How right you are. Question, how is it that award winning authors get books published that have so so so so many of these on one page? My husband got me a book for Christmas (author unknown to me, who I won't name) and I gave it a go. Well, I got so fed up with the multitudes of exclamation points that I nearly gave up (amongst other issues like trying to give me a history lesson that sounded like it was straight out of a text book – but I digress and now the 12:45am is making me use brackets in crazy ways!!!)
Well, at one point I actually thought a whole other character had walked in on the scene, due to an exclamation point.
But then I'm not perfect … on to some editing tomorrow
>you must be peeking at what I write, because I've told myself that I need Exclamations Anonymous. Perhaps another short tip about quotation marks when you are "referring to something" as in, we all know what I "mean"?
>Thank you, Rachelle. I had to read a bunch of content where the entire thing appeared in italics. And more annoying is when someone uses bold AND underline to emphasize something. Pick one… please?
>Best selling author Cornelia Funke (Inkheart, etc) showers her books with exclaimation marks. It drove me crazy reading them all. There were some pages that had at least 7 of the marks, but at least they weren't all for the same sentence. You'd have thought, though, her editor would have said something. Or maybe it's okay in German (the language she writes the books in), but after they're translated in English, the editor should have had them removed. Now kids thinks it's all right to use them.

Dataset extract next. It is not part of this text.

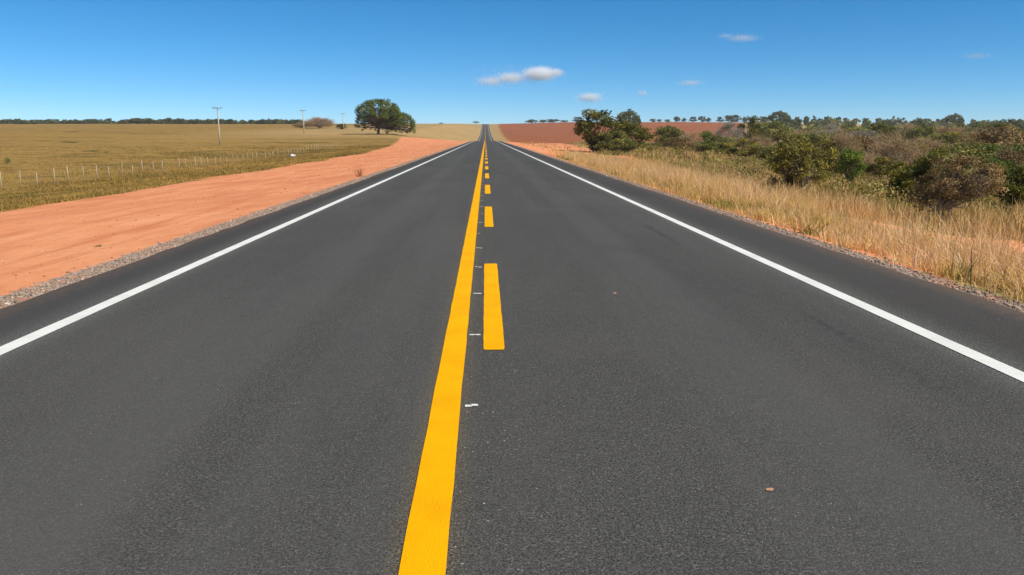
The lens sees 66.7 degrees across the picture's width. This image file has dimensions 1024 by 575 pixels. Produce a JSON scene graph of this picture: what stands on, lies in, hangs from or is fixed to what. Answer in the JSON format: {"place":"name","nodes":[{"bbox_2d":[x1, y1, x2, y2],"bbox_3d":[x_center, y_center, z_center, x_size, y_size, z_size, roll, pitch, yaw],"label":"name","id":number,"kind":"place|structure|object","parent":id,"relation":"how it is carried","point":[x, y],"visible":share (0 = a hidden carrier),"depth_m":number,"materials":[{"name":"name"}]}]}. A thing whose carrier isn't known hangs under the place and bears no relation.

>As a children's writer I hear about this all the time…because people tend to think that children need exclamations after everything they say! They're just so full of energy! Their world is so exciting! We need to make that apparent!

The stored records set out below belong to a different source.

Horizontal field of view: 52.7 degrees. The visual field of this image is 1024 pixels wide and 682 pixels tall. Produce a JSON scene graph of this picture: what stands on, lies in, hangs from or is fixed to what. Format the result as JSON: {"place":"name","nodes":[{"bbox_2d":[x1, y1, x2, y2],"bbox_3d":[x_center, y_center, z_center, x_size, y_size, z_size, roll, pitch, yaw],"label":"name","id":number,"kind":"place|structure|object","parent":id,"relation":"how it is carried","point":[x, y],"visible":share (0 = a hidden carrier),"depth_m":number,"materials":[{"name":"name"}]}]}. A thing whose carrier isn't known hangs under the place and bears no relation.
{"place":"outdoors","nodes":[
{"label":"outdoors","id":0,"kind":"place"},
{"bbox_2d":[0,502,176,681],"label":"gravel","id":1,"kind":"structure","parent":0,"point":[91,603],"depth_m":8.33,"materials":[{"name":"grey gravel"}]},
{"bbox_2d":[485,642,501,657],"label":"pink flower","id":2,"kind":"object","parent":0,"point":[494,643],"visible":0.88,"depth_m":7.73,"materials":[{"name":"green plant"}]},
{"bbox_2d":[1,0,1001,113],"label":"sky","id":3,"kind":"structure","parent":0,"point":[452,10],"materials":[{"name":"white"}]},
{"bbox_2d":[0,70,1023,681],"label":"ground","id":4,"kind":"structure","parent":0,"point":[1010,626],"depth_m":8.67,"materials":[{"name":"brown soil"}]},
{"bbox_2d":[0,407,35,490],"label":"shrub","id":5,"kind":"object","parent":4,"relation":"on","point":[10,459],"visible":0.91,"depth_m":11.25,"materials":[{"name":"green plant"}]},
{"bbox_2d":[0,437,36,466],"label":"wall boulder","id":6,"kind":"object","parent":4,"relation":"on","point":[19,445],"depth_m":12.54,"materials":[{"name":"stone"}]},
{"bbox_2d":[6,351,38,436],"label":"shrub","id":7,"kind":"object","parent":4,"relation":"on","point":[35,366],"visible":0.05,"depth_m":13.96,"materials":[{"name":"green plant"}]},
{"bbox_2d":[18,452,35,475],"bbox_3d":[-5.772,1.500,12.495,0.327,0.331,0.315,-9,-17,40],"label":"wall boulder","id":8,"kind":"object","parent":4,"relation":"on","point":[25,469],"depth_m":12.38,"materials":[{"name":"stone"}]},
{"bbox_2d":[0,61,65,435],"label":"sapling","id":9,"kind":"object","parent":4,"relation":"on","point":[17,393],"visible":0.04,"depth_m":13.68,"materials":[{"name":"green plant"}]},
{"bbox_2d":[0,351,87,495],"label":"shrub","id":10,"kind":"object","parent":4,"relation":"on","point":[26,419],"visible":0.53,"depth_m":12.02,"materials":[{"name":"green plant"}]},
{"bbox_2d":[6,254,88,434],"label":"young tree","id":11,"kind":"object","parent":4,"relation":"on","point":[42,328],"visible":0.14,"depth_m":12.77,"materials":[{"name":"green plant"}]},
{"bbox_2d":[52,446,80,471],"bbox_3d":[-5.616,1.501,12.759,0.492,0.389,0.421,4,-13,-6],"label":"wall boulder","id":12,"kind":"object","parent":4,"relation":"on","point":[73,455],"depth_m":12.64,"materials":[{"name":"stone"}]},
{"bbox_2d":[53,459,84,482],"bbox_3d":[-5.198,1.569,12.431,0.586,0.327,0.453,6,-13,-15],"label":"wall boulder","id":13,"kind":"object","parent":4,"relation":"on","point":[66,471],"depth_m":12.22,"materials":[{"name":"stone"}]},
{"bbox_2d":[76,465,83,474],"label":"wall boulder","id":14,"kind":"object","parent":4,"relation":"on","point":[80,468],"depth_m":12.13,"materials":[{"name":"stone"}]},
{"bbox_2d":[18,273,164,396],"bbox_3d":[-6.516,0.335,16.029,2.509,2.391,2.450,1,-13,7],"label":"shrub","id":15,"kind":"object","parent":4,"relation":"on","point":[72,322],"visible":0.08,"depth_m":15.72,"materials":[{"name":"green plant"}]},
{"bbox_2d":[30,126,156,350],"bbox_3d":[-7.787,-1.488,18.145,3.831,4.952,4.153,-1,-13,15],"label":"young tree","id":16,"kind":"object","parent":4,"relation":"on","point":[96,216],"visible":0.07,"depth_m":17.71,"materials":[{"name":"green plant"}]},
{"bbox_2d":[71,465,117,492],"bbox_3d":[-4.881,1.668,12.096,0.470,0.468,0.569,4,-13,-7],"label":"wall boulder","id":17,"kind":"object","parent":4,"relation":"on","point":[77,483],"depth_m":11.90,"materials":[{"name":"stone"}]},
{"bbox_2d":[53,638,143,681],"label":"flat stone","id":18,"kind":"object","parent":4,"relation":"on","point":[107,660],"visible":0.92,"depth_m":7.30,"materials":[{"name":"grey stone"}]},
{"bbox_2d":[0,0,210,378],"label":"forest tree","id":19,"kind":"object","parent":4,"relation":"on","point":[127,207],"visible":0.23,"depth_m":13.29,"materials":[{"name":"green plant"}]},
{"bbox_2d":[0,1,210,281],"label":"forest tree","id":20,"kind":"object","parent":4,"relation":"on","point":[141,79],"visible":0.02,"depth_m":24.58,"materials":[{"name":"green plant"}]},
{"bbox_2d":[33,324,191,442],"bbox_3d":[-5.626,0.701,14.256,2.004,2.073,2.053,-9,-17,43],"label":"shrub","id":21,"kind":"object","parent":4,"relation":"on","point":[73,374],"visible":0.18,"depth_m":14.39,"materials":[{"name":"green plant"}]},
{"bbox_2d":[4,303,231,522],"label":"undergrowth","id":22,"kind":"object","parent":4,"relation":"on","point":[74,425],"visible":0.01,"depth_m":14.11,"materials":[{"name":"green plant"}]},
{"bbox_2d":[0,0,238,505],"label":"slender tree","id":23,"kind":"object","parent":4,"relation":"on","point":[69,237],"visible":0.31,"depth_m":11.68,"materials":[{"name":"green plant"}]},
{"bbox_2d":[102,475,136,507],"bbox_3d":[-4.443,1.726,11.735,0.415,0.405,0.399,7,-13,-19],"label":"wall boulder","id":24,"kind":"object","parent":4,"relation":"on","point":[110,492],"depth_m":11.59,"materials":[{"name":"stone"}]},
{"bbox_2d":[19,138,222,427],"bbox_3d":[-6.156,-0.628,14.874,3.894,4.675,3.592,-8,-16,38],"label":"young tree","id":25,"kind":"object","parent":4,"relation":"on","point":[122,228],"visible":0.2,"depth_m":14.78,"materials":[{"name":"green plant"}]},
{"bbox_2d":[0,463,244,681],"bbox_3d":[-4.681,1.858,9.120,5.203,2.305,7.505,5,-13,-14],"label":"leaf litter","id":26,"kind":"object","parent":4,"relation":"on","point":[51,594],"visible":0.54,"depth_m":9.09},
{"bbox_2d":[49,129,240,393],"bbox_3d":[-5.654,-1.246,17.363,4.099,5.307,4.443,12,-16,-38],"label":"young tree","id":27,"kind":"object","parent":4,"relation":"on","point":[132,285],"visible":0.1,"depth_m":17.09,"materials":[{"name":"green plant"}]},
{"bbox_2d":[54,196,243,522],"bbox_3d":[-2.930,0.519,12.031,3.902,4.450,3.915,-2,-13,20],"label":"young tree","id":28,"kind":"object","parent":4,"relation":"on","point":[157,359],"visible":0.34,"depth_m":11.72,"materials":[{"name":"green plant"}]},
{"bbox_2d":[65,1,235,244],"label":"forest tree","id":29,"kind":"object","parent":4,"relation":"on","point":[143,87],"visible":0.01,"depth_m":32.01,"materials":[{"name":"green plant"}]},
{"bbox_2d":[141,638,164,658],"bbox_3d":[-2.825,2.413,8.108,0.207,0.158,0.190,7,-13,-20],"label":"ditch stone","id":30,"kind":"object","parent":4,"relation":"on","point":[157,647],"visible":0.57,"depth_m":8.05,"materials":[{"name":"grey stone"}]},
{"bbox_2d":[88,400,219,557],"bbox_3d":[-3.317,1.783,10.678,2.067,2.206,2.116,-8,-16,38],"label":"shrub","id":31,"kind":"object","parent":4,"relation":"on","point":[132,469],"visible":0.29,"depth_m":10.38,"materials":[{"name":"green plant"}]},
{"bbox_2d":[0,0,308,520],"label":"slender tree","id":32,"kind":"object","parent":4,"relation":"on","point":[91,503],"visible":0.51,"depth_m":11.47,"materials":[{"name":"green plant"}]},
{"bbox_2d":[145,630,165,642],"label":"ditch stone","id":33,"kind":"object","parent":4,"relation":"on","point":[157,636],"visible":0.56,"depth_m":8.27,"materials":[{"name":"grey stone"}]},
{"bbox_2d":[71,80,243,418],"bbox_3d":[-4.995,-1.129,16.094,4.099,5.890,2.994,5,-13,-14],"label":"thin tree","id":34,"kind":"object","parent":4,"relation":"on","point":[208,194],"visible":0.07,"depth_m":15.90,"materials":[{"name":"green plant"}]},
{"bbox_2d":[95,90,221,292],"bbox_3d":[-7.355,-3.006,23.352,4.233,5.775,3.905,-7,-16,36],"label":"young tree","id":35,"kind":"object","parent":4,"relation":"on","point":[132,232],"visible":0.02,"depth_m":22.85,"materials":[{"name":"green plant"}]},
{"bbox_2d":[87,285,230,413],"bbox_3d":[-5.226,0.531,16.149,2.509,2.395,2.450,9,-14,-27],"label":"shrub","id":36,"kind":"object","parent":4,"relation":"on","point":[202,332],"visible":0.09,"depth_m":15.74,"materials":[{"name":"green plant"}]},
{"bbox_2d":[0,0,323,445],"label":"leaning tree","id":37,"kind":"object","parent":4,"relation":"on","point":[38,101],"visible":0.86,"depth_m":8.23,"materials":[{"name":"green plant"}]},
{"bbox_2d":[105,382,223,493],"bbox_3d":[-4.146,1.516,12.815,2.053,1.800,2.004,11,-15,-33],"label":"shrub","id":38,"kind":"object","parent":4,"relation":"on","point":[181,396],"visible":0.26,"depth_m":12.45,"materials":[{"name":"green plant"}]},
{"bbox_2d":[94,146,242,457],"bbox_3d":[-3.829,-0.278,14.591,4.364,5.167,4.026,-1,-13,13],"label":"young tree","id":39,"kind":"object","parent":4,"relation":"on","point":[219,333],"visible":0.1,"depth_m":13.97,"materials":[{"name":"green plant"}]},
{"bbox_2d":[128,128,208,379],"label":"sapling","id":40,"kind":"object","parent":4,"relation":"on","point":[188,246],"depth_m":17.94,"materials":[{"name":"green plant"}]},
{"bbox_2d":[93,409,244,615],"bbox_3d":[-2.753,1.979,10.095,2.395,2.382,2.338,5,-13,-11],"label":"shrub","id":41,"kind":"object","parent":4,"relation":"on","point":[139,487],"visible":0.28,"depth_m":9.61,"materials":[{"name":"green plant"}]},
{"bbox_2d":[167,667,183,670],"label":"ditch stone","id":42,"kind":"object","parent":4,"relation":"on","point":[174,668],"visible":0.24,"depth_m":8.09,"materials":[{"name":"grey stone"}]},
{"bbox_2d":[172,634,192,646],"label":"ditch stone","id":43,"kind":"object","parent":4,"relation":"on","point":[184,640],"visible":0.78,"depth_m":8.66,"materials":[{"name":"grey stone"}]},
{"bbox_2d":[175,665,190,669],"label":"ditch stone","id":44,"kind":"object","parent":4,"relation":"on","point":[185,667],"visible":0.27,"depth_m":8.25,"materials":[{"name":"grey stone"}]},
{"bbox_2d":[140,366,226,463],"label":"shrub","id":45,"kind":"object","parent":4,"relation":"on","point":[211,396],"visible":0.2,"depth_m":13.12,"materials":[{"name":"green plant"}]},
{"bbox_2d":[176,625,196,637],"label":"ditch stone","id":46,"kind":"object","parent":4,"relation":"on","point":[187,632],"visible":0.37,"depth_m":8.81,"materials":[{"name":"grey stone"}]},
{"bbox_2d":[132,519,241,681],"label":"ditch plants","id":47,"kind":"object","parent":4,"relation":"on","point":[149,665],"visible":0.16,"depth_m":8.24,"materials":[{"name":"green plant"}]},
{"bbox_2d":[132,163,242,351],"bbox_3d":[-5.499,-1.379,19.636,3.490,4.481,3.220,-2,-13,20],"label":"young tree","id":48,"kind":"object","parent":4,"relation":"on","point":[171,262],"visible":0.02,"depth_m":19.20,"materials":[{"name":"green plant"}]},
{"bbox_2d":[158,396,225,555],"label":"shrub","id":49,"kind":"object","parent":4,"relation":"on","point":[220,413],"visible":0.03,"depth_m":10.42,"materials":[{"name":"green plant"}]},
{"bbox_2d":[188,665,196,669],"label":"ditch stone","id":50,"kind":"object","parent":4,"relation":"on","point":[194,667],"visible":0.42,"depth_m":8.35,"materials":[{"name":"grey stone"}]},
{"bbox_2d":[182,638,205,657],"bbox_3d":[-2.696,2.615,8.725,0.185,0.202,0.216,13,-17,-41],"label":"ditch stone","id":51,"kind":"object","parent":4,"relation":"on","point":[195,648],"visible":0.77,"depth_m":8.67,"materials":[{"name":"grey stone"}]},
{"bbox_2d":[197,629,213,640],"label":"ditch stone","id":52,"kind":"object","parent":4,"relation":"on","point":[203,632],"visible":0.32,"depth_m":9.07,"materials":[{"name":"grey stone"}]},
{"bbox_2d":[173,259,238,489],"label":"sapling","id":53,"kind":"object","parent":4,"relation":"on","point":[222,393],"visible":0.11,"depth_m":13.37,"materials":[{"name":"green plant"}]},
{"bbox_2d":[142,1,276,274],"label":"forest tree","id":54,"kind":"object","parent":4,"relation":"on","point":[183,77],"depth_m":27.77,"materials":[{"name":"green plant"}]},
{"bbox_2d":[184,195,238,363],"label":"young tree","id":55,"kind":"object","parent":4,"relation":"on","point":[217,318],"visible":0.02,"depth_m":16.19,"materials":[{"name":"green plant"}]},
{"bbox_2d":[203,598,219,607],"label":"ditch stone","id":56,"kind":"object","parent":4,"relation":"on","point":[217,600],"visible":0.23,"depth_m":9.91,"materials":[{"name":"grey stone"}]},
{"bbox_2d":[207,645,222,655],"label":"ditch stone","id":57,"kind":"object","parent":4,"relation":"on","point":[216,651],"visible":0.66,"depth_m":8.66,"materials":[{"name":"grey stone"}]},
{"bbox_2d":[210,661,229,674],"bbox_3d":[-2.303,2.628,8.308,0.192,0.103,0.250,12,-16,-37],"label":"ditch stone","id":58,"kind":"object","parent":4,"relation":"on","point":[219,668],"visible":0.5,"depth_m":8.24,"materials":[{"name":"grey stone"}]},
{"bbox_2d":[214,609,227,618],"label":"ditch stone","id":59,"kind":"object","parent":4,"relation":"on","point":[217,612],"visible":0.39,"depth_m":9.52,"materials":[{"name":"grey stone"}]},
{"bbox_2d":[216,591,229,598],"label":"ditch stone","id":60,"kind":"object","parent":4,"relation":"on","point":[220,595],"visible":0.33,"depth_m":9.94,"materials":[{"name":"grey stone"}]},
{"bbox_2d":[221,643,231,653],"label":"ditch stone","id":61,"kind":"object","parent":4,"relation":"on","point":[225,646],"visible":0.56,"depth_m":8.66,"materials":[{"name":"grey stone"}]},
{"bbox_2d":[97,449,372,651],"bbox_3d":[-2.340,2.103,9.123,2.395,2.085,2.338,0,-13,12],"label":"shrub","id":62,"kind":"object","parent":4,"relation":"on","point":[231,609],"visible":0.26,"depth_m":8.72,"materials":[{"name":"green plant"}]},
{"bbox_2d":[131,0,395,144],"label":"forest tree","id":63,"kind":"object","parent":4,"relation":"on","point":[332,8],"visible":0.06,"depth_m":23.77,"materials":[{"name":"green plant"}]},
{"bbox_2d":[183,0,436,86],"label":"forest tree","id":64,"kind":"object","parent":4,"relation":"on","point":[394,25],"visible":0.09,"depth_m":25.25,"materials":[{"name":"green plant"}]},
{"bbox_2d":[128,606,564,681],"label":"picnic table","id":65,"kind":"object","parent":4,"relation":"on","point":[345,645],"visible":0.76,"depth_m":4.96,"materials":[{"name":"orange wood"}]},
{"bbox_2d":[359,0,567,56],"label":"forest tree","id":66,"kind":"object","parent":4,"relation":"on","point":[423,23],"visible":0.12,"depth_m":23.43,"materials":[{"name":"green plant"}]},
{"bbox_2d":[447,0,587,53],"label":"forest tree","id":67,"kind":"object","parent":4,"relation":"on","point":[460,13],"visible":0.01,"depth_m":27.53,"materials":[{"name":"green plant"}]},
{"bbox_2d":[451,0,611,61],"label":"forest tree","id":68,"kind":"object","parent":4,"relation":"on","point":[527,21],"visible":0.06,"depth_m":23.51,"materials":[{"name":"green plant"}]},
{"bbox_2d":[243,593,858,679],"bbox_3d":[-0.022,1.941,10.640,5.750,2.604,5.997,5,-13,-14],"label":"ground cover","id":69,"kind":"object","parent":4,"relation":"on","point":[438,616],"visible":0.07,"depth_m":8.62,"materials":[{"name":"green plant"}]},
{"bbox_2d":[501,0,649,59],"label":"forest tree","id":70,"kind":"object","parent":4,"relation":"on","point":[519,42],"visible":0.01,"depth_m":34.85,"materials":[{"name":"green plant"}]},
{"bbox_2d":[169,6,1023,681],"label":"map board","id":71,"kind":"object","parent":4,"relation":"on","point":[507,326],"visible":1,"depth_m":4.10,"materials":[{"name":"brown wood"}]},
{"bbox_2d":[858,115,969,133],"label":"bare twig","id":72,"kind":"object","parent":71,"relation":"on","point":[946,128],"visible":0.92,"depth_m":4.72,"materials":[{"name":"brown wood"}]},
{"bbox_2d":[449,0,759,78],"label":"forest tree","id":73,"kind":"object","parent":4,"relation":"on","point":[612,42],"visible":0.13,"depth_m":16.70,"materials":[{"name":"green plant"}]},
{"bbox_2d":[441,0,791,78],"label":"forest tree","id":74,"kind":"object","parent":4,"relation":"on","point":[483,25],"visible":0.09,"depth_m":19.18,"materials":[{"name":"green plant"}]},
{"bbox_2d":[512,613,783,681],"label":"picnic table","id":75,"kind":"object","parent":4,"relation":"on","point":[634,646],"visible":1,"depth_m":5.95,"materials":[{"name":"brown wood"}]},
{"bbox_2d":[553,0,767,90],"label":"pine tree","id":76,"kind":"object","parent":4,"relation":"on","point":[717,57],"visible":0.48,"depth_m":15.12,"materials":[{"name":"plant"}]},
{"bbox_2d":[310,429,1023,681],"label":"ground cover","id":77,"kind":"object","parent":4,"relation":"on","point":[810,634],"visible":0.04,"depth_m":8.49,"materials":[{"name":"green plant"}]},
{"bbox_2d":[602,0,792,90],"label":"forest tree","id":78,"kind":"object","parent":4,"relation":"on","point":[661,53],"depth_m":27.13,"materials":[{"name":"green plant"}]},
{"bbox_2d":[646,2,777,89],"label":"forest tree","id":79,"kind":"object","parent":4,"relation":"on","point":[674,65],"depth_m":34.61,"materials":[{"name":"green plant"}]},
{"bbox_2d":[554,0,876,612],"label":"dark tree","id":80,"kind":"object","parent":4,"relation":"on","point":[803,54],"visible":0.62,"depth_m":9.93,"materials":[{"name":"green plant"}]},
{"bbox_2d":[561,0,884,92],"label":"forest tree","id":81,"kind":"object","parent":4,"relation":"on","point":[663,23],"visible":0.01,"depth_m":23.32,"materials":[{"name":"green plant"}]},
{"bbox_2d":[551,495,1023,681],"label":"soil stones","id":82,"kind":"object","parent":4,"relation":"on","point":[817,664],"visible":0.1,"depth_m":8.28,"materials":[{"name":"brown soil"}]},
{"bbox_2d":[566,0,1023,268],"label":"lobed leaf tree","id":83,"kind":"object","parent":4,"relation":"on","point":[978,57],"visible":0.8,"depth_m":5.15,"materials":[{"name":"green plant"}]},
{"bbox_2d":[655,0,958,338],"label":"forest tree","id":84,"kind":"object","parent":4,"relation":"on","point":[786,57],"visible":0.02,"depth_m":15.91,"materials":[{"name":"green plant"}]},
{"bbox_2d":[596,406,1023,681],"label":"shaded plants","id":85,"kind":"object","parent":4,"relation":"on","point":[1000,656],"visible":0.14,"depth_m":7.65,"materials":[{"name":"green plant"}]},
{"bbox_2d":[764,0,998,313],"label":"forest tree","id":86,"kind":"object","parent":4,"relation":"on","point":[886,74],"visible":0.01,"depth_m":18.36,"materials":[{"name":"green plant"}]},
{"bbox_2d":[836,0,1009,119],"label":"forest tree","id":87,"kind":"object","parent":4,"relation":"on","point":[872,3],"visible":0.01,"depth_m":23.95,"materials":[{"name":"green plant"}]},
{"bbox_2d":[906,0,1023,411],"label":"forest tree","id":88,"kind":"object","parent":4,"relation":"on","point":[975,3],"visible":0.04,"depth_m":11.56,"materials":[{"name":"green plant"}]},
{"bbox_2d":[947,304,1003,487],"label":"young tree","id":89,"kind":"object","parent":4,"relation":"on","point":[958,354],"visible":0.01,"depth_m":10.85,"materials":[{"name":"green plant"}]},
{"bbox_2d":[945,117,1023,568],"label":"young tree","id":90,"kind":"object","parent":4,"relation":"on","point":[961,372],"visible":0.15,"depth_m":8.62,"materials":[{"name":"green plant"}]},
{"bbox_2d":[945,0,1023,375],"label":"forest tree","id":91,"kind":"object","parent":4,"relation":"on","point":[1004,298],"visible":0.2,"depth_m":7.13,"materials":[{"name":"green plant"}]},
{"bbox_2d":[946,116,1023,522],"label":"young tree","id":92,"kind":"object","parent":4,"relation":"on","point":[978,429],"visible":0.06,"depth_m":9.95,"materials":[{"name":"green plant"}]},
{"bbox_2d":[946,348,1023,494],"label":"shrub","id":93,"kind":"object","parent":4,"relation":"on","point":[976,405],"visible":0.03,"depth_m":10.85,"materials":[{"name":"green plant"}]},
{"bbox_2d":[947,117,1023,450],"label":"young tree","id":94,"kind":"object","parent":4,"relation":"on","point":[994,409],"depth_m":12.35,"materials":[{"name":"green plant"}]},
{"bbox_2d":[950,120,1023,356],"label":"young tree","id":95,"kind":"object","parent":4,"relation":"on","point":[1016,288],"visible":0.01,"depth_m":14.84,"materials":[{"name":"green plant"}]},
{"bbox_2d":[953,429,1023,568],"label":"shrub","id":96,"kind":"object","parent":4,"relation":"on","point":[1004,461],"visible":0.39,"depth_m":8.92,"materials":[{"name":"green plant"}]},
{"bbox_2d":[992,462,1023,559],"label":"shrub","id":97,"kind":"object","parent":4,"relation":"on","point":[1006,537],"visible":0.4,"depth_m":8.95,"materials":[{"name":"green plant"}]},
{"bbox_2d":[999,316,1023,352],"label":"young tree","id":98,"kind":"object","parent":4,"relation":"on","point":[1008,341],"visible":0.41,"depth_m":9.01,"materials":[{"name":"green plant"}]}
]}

I'm not innocent of the crime. I'm just a reformed exclamation junkie.
>Great post!!!! LOL
When I began writing stories my writing buddy pointed out that I use that too much. I started to follow every revision with a track/replace looking for my thats. I still review my thats carefully.
I only use italics for internal dialogue.
>Darn it. I love semi-colons.
>I love italics…darn it! I loved that the cat in Runaway Bride was named Italics. Ugh. I'm going to have to do some serious italics undoing 🙂
>Anon 2:51, that is indeed a serious question. Something we all have to remember in the Internet age is that once you put something online, there is no way to be sure it's ever totally removed. You have no way of knowing how many ways and places your material has been used all over the Internet.
If I wanted to tear down my platform, I'd take down all my websites and blogs (not just make them private, I'd take them down). If I'm listed on others' websites, I'd go to the tedious effort of contacting them and trying to get my name removed. I'd get my name taken out of any published listings – books, yellow pages, etc. Then I'd just go silent for awhile as far as media or anything else. Things move quickly these days, and there are so many things competing for our attention, that eventually people will forget about me and move on.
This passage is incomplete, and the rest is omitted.